BEGIN
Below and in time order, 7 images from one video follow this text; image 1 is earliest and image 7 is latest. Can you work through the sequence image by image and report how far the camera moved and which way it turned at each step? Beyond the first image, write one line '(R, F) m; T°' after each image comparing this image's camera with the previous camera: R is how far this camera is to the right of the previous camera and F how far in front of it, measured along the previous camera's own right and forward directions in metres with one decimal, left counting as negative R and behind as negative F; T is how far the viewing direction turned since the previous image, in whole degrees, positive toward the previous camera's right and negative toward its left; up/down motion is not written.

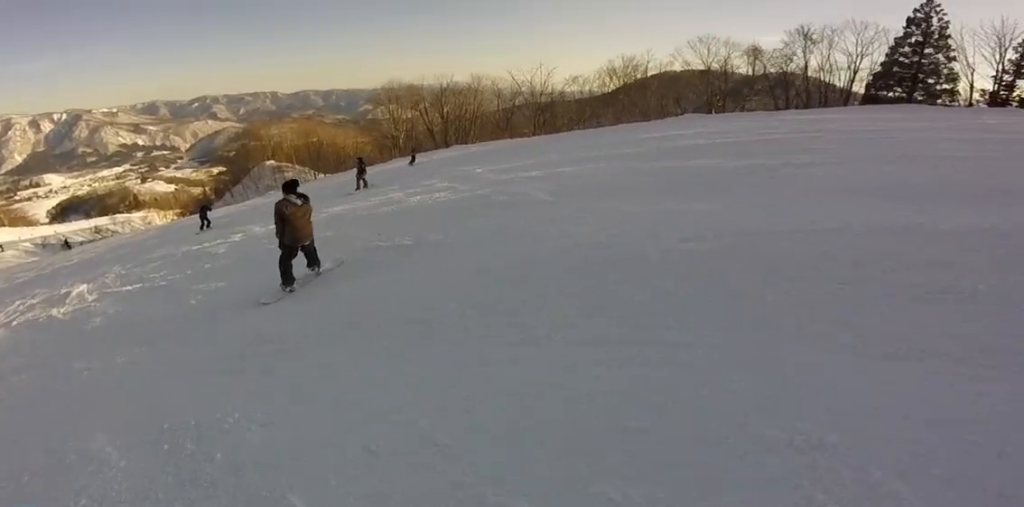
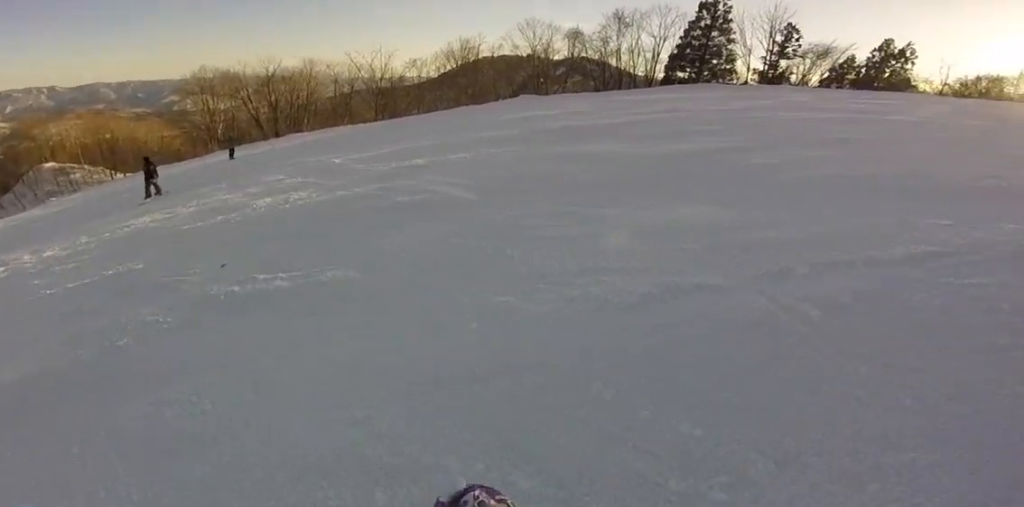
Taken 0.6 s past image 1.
(+0.1, +1.8) m; +3°
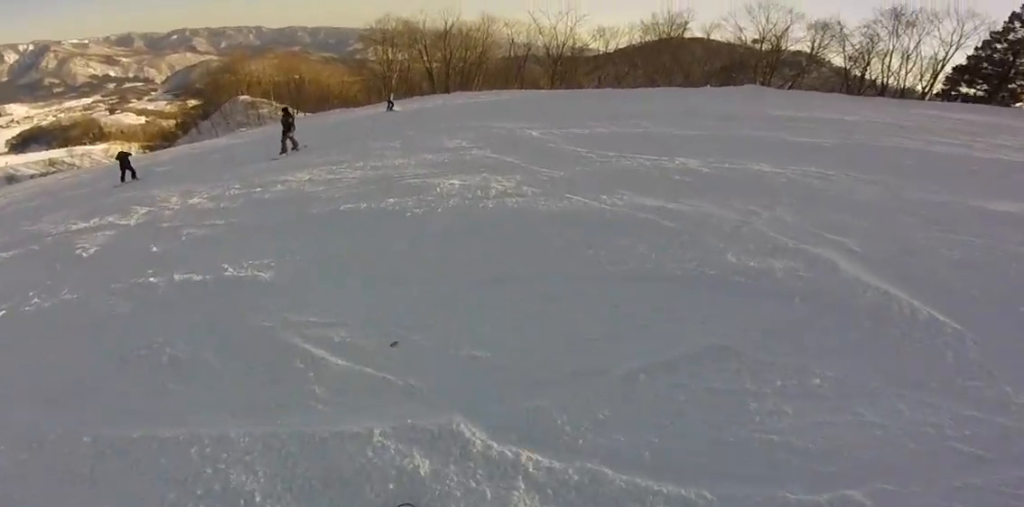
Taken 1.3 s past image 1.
(0.0, +2.3) m; -1°
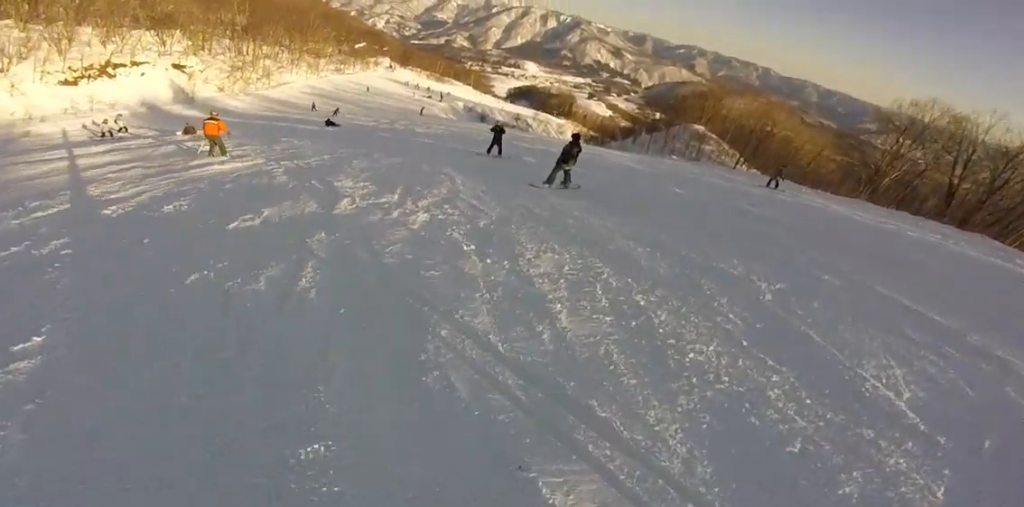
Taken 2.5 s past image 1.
(-0.3, +3.9) m; -11°
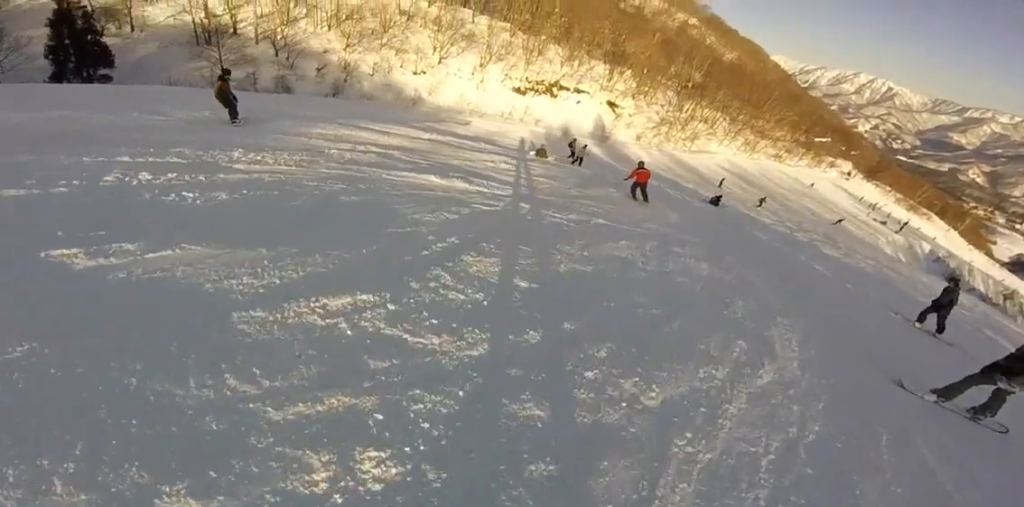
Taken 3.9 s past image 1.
(-0.5, +4.3) m; -14°
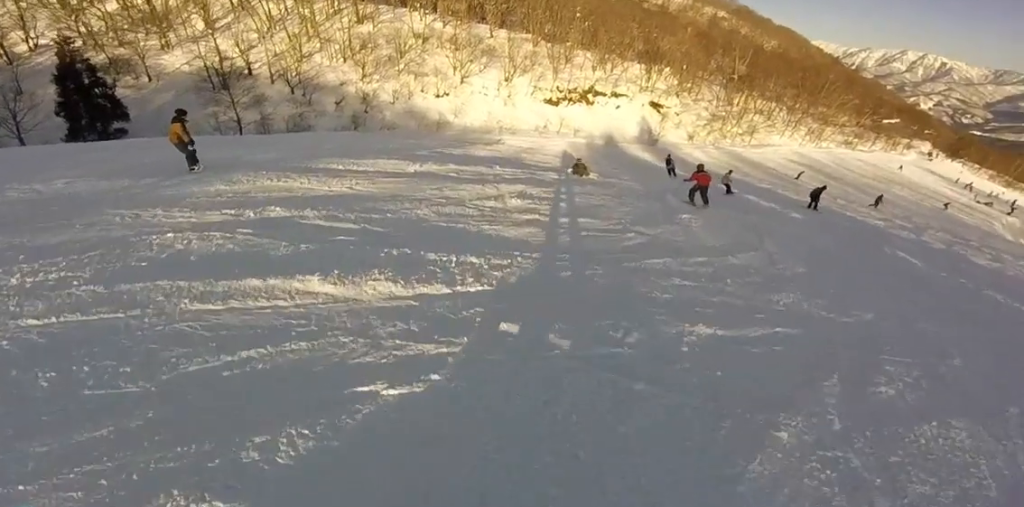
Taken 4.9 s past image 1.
(-0.3, +3.5) m; -1°
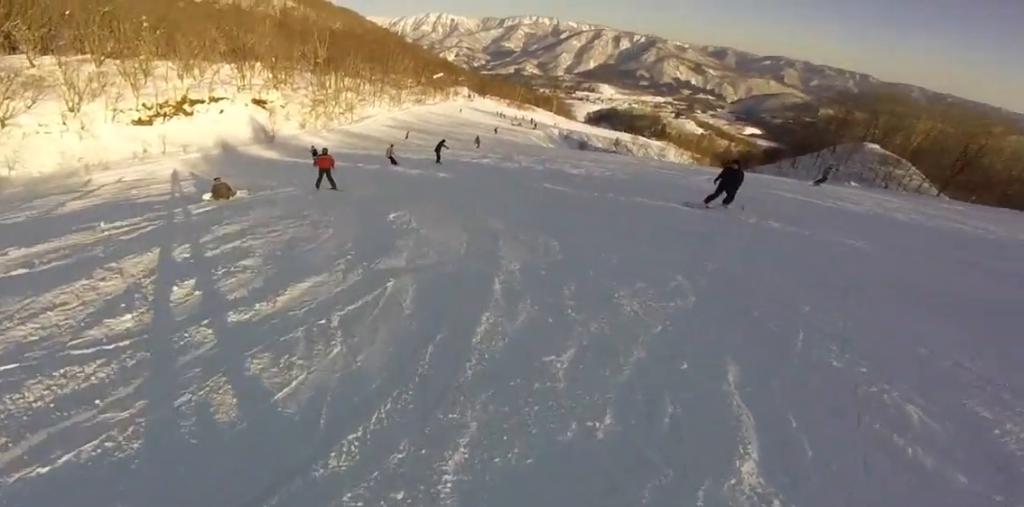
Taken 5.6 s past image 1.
(+0.2, +2.4) m; -1°
END
* What you should do *
Produce a word-for-word copy of the records, omitting all images.

* Exercise solution *
Below and in time order, 7 images from one video follow this text; image 1 is earliest and image 7 is latest. Can you work through the sequence image by image and report how far the camera moved and which way it turned at each step? Beyond the first image, write one line '(R, F) m; T°' after each image comparing this image's camera with the previous camera: R is how far this camera is to the right of the previous camera and F how far in front of it, measured along the previous camera's own right and forward directions in metres with one decimal, left counting as negative R and behind as negative F; T is how far the viewing direction turned since the previous image, in whole degrees, positive toward the previous camera's right and negative toward its left; up/down motion is not written.

Taken 0.6 s past image 1.
(+0.1, +1.8) m; +3°
Taken 1.3 s past image 1.
(0.0, +2.3) m; -1°
Taken 2.5 s past image 1.
(-0.3, +3.9) m; -11°
Taken 3.9 s past image 1.
(-0.5, +4.3) m; -14°
Taken 4.9 s past image 1.
(-0.3, +3.5) m; -1°
Taken 5.6 s past image 1.
(+0.2, +2.4) m; -1°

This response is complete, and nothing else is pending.